▶ **Exercise data**

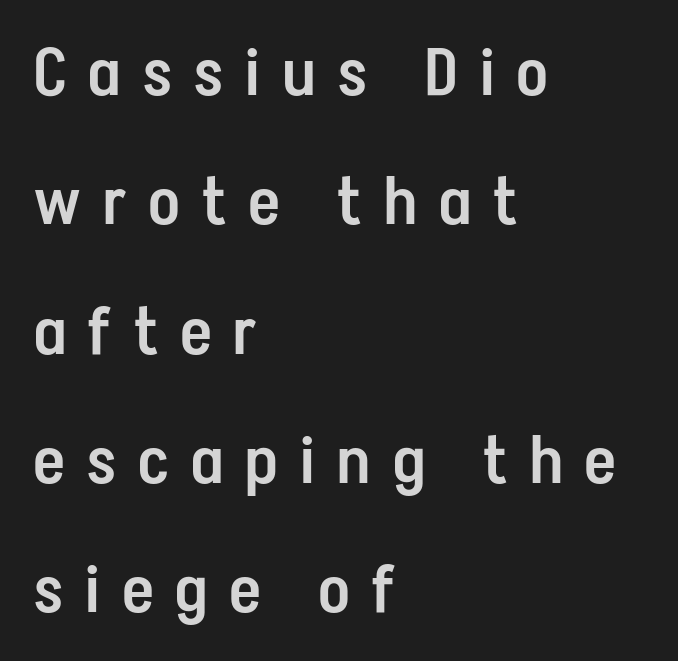
A typesetter would label this face a sans. Line starts are locked; line ends wander. Plain, unruled lines of type. In terms of letterspacing, this is a distinctly airy, spread setting.
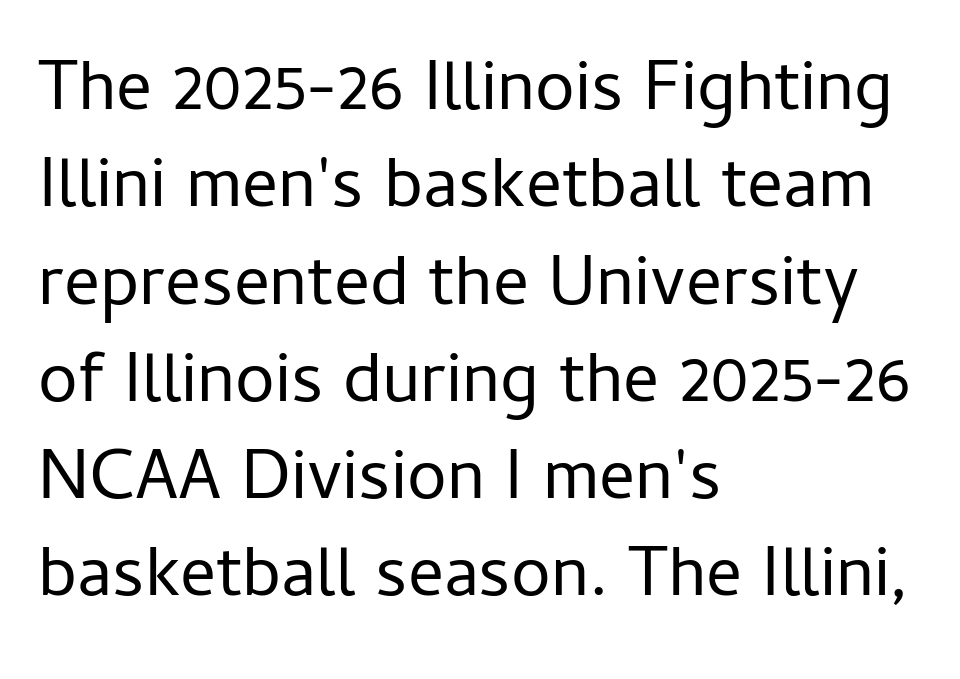
Q: Is the text bold? A: No.
Q: Is the text italic (slanted)? A: No, it is upright.
Q: Is the typeface a serif or a sans-serif typeface? A: Sans-serif.
Q: Is the text underlined? A: No.
Q: How is the paragraph aligned? A: Left-aligned.
Q: Is the spacing between letters normal or unusually wide? A: Normal.
Q: Is the spacing between lines tight, normal or loose? A: Normal.
Q: Width (condensed, normal, or wide)? A: Normal.
Q: Stroke contrast? A: Low.
Q: x-height? A: Medium.
Q: Monospaced? A: No.

▶ **Assignment**
The required output is each line from the one with "Q: Width (condensed, normal, or" through the end of the material above, repeated exactly with both ends included.

▶ **Response**
Q: Width (condensed, normal, or wide)? A: Normal.
Q: Stroke contrast? A: Low.
Q: x-height? A: Medium.
Q: Monospaced? A: No.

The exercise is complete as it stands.